How to take a cube root in Go?

问题

我正在使用牛顿法在Google Go中编写一个立方根函数。我想使用math/cmplx.Pow()来检查结果,但是我无论如何都搞不明白怎么做。我该怎么做?

英文:

I'm writing a cube root function in Google Go using Newton's method. I want to check the results using math/cmplx.Pow(), but for the life of me, I can't figure out how. How do I do this?

答案1

得分: 16

你尝试过 myCubicRootOfx = Pow(x, 1.0/3) 吗?

编辑:感谢 Jason McCreary 的评论:
我们不能使用 1/3 作为 Pow 的第二个参数,因为这是一个整数除法,所以不能得到期望的 1/3 值。通过使用 1.0/31/3.0 等,我们可以有效地得到一个带有 0.333333... 值的浮点数。

英文:

Have you tried myCubicRootOfx = Pow(x, 1.0/3) ?

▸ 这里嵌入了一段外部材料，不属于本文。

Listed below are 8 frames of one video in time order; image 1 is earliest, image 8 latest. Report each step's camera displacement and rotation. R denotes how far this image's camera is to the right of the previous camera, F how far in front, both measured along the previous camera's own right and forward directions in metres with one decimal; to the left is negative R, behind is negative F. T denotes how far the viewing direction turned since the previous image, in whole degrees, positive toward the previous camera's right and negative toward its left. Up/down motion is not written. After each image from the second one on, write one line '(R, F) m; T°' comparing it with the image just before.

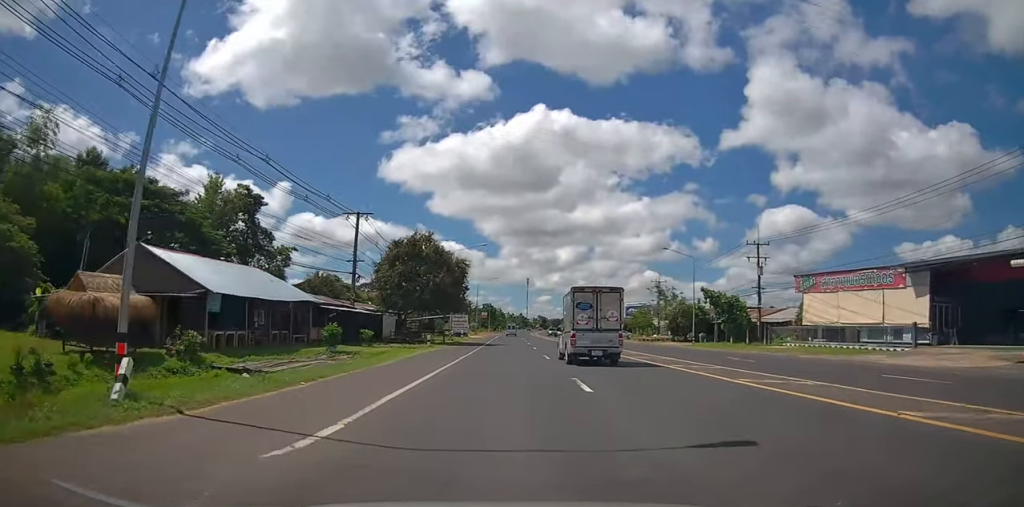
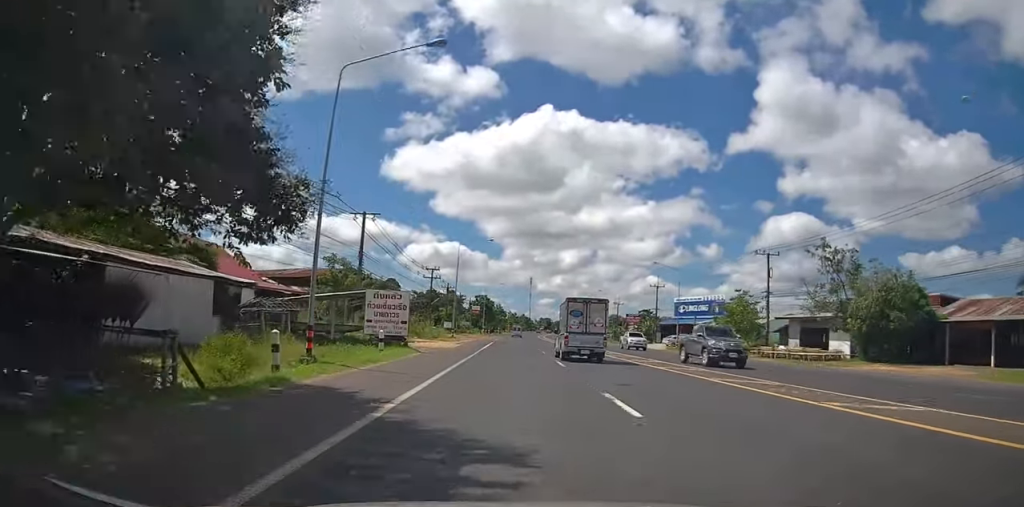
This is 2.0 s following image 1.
(+1.0, +39.0) m; +1°
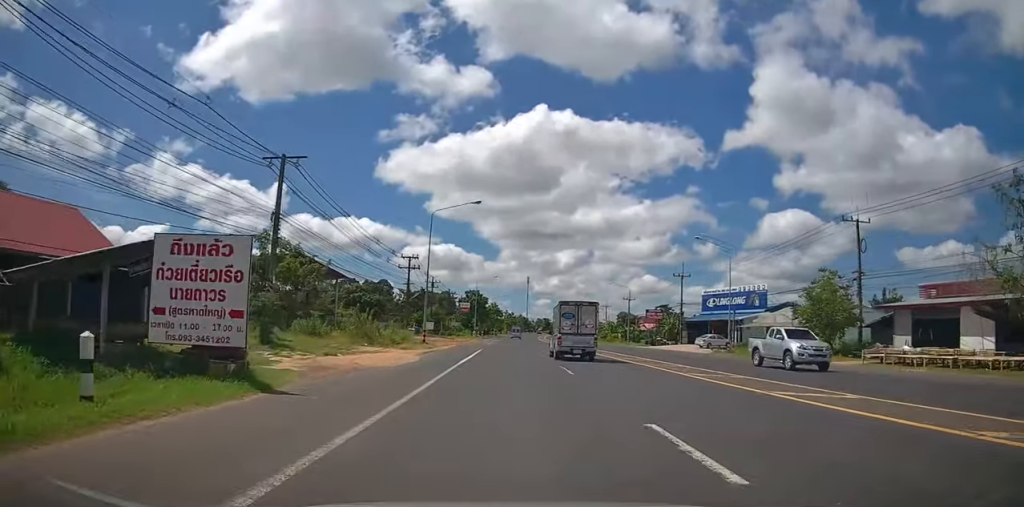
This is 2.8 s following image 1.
(0.0, +15.8) m; -1°
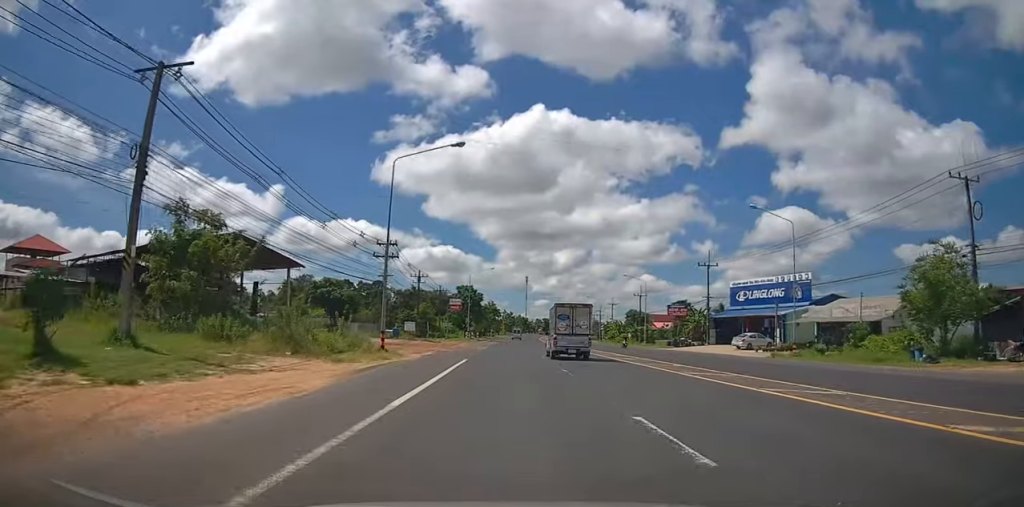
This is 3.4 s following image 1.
(-0.3, +11.5) m; 0°
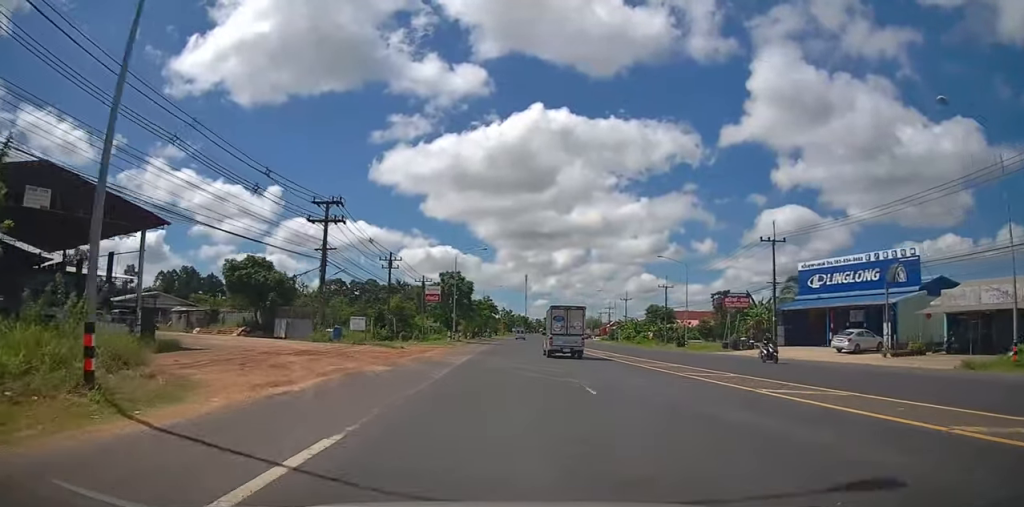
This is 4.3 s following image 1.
(+0.1, +18.0) m; 0°
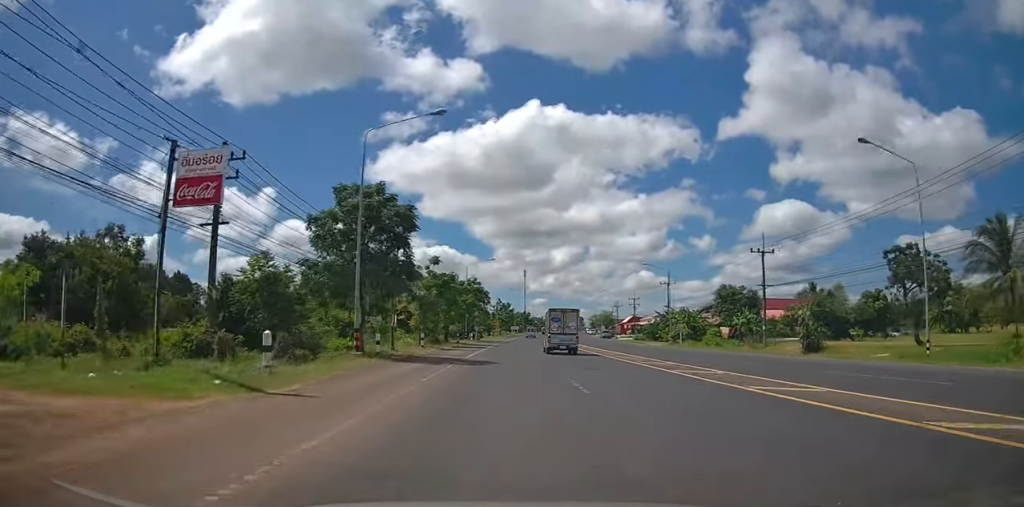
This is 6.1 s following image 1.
(-0.2, +35.4) m; 0°
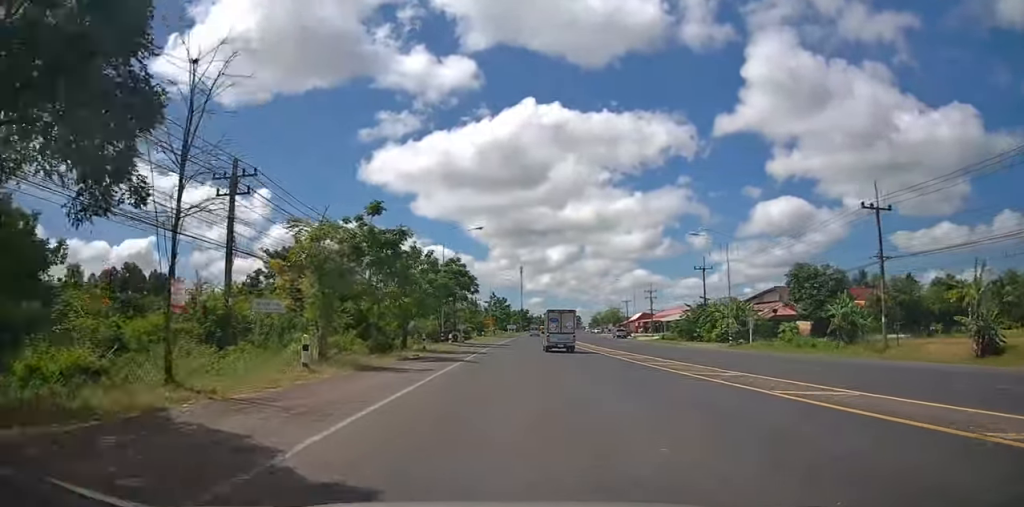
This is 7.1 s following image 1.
(+0.4, +19.2) m; +1°
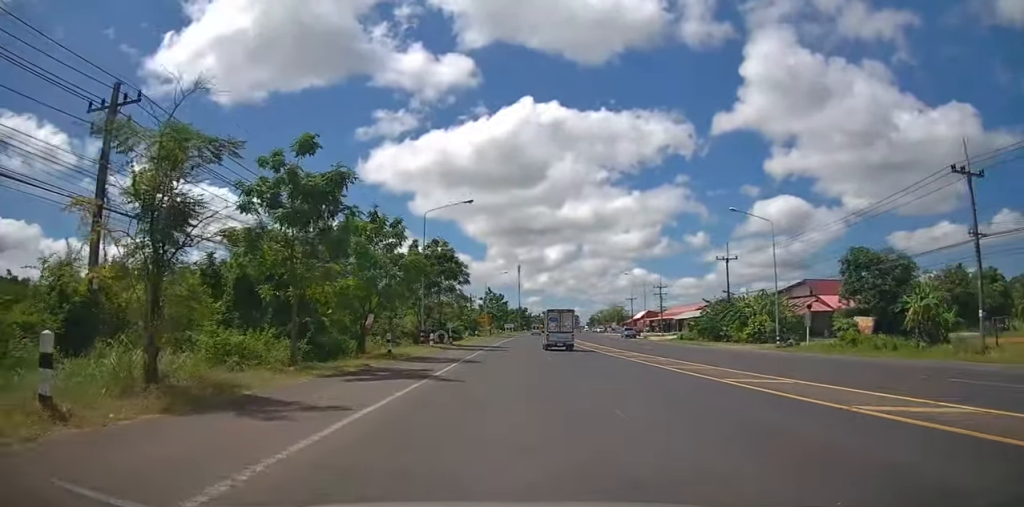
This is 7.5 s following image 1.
(0.0, +9.1) m; 0°

edited: thanks to Jason McCreary comment:<br>
We cannot use 1/3 as the 2nd parameter to Pow as this is a integer division and hence doesn't produce the expected 1/3 value. By using 1.0/3 or 1/3.0 etc. we effectively produce a float with the 0.333333... value.

答案2

得分: 9

我使用牛顿法编写了立方根函数,作为Go Tour Exercise 47的一部分。也许下面的两个函数(Cbrt1Cbrt)会有所帮助。

package main

import (
    "fmt"
    "math/cmplx"
)

// 使用牛顿法的立方根函数,希望在20次迭代内收敛
func Cbrt1(x complex128) complex128 {
    var z complex128 = x
    for i:= 0; i < 20; i++ {
    	z = z - ((z*z*z - x) / (3.0*z*z))
    }
    return z
}

// 使用牛顿法的立方根函数,直到稳定为止
func Cbrt(x complex128) complex128 {
    var z, z0 complex128 = x, x
    for {
	    z = z - ((z*z*z - x) / (3.0*z*z))
        if cmplx.Abs(z - z0) < 1e-10 {
            break
        }
        z0 = z
    }
    return z
}

func main() {
    fmt.Println(Cbrt(2.0) , "should match" , cmplx.Pow(2, 1.0/3.0))
}
英文:

I wrote the cube root function using Newton's method as part of the Go Tour Exercise 47. Perhaps the two functions below (Cbrt1 and Cbrt) are helpful.

package main

import (
    &quot;fmt&quot;
    &quot;math/cmplx&quot;
)

// Newton&#39;s method cube root function that hopes for
//   convergence within 20 iterations
func Cbrt1(x complex128) complex128 {
    var z complex128 = x
    for i:= 0; i &lt; 20; i++ {
    	z = z - ((z*z*z - x) / (3.0*z*z))
    }
    return z
}

// Newton&#39;s method cube root function that runs until stable
func Cbrt(x complex128) complex128 {
    var z, z0 complex128 = x, x
    for {
	    z = z - ((z*z*z - x) / (3.0*z*z))
        if cmplx.Abs(z - z0) &lt; 1e-10 {
            break
        }
        z0 = z
    }
    return z
}

func main() {
    fmt.Println(Cbrt(2.0) , &quot;should match&quot; , cmplx.Pow(2, 1.0/3.0))
}

答案3

得分: 2

由于您正在使用牛顿法,我假设您从一个正实数开始。

所以您不需要复数。

您可以简单地执行以下操作:

package main

import (
    "fmt"
    "math"
)

func main() {
    x := 100.0
    root := math.Pow(x, 1.0/3.0)
    fmt.Println(root)
}
英文:

As you're using Newton's method, I suppose you're starting with a positive real number.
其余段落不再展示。